79. A system for identifying a site on a target molecule as a prospective binding site, the system comprising:

(I) a processor; and

(II) a computer readable medium having computer readable program code means embodied therein for causing the system to identify a site on a target molecule as a prospective binding site, where the target molecule has an overall spatial extent, the computer readable program code means comprising: (a) a computer readable program code means for causing a computer to carry out the step of (a) a computer readable program code means for causing a computer to carry out the step of identifying a set of one or more enclosed volumes, each enclosed volume in the set meeting a set of criteria comprising (i) being outside of a target molecule, and (ii) meeting one or more criteria characteristic of the overall spatial extent of the target molecule; (b) a computer readable program code means for causing a computer to carry out the step of assigning to the enclosed volume one or more descriptors characteristic of the spatial extent of the enclosed volume; and (c) a computer readable program code means for causing a computer to carry out the step of identifying a site on the target molecule as a prospective binding site if the one or more descriptors assigned to an enclosed volume adjacent to the site meet one or more criteria.
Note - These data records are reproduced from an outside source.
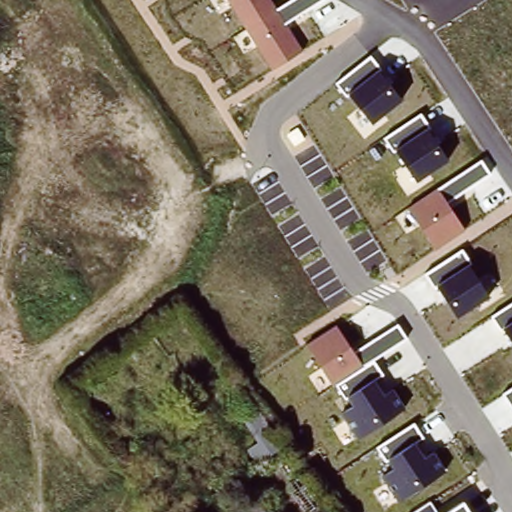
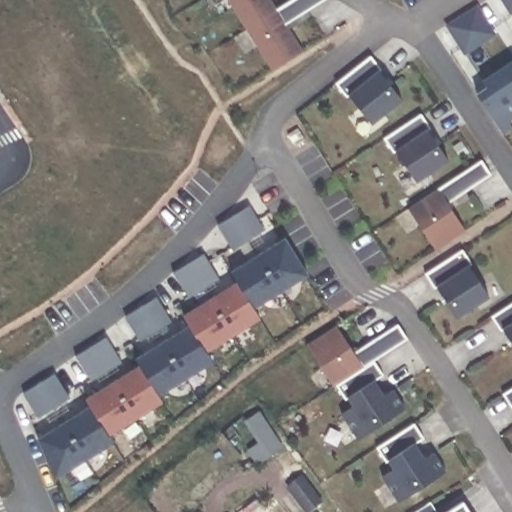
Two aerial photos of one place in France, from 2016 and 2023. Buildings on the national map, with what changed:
unchanged [(291,0),(324,0),(285,24),(302,50),(273,70),(230,0),(271,0),(277,9),(291,0)]
new [(502,0),(512,0),(512,13),(511,14),(502,0)]
new [(465,51),(446,23),(475,4),(495,33),(465,51)]
unchanged [(370,56),(380,70),(378,71),(401,100),(371,124),(348,95),(346,96),(335,83),(370,56)]
new [(508,123),(510,125),(502,130),(476,93),(486,85),(483,79),(512,60),(512,120),(508,123)]
unchanged [(420,114),(430,129),(426,130),(446,160),(415,183),(395,151),(393,153),(383,138),(420,114)]
unchanged [(490,174),(447,203),(465,230),(435,249),(408,207),(480,160),(490,174)]
new [(255,307),(261,318),(207,352),(213,362),(160,394),(163,403),(109,437),(113,443),(55,479),(38,439),(90,406),(86,400),(139,367),(135,360),(189,325),(183,315),(235,283),(230,272),(285,237),(308,274),(255,307)]
unchanged [(462,250),(470,264),(468,265),(488,298),(455,317),(436,287),(435,288),(425,274),(462,250)]
unchanged [(512,303),(512,344),(502,328),(500,329),(491,316),(512,303)]
unchanged [(407,339),(373,360),(383,375),(375,381),(384,394),(392,389),(405,408),(357,438),(342,414),(351,406),(347,399),(345,399),(335,384),(333,386),(306,344),(336,325),(355,353),(397,324),(407,339)]
unchanged [(512,387),(512,408),(503,393),(512,387)]
new [(256,469),(247,449),(258,442),(244,419),(259,409),(285,447),(256,469)]
unchanged [(424,438),(415,444),(424,459),(433,453),(445,471),(398,501),(382,476),(392,469),(386,461),(376,447),(413,423),(424,438)]
unchanged [(470,512),(446,512),(462,501),(470,512)]
unchanged [(430,502),(438,512),(414,512),(430,502)]

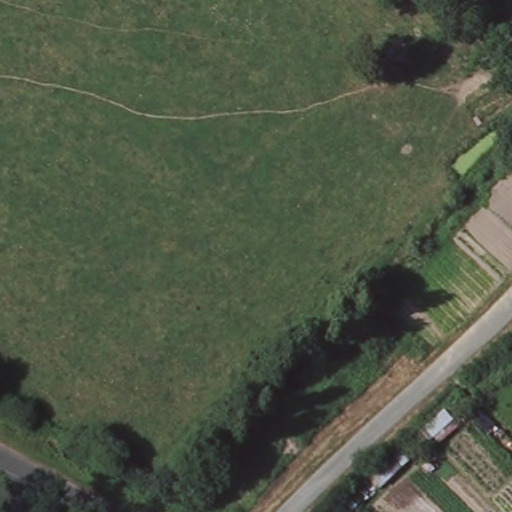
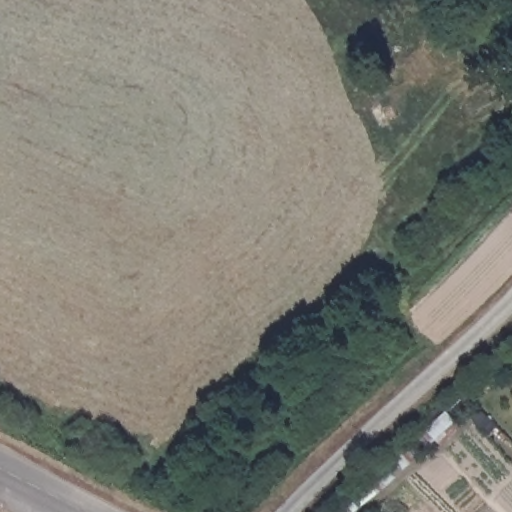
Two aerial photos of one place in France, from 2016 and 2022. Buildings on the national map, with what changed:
unchanged [(420,433),(442,414),(464,433),(438,452),(420,433)]
unchanged [(367,480),(404,448),(417,463),(382,493),(367,480)]

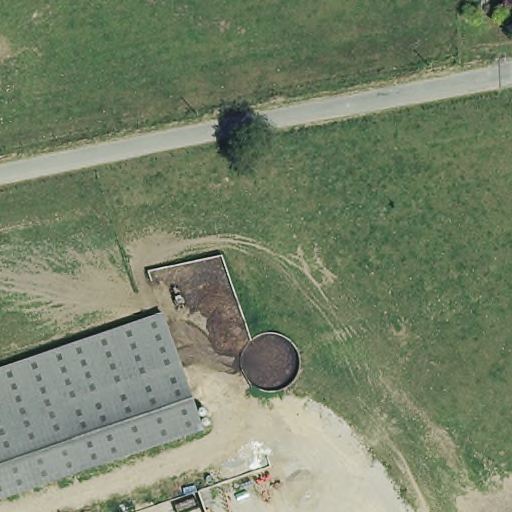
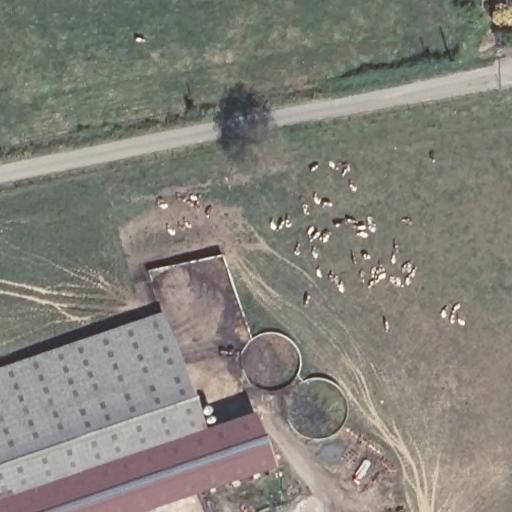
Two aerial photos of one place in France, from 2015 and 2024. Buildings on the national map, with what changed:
unchanged [(160,312),(200,428),(0,498),(0,367),(160,312)]
new [(251,411),(268,467),(136,512),(0,512),(0,498),(200,428),(251,411)]

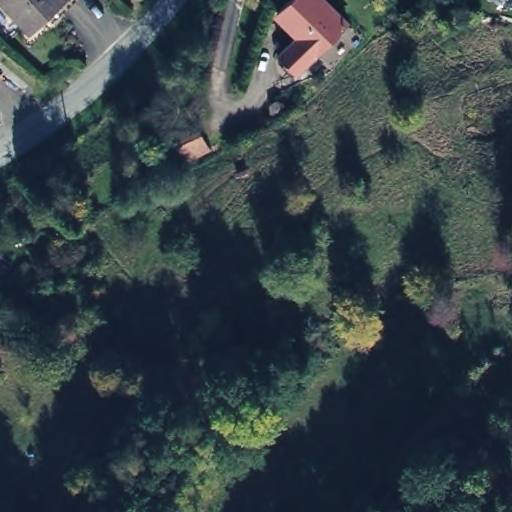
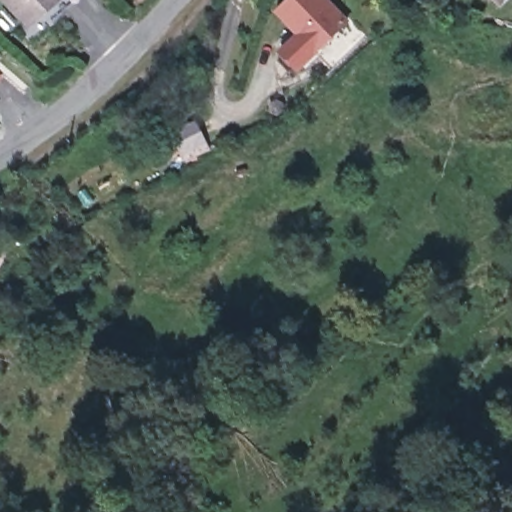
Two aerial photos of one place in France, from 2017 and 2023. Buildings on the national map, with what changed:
unchanged [(0,0),(60,0),(27,28),(0,0)]
unchanged [(347,19),(297,68),(276,46),(294,29),(275,9),(284,0),(330,0),(347,19)]
unchanged [(250,151),(227,161),(213,136),(235,125),(250,151)]

80. An article of manufacture comprising a computer useable medium having computer readable program code means embodied therein for identifying a site on a target molecule as a prospective binding site, where the target molecule has an overall spatial extent, the computer readable program code means comprising: (a) a computer readable program code means for causing a computer to carry out the step of identifying a set of one or more enclosed volumes, each enclosed volume in the set meeting a set of criteria comprising (i) being outside of a target molecule, and (ii) meeting one or more criteria characteristic of the overall spatial extent of the target molecule; (b) a computer readable program code means for causing a computer to carry out the step of assigning to the enclosed volume one or more descriptors characteristic of the spatial extent of the enclosed volume; and (c) a computer readable program code means for causing a computer to carry out the step of identifying a site on the target molecule as a prospective binding site if the one or more descriptors assigned to an enclosed volume adjacent to the site meet one or more criteria.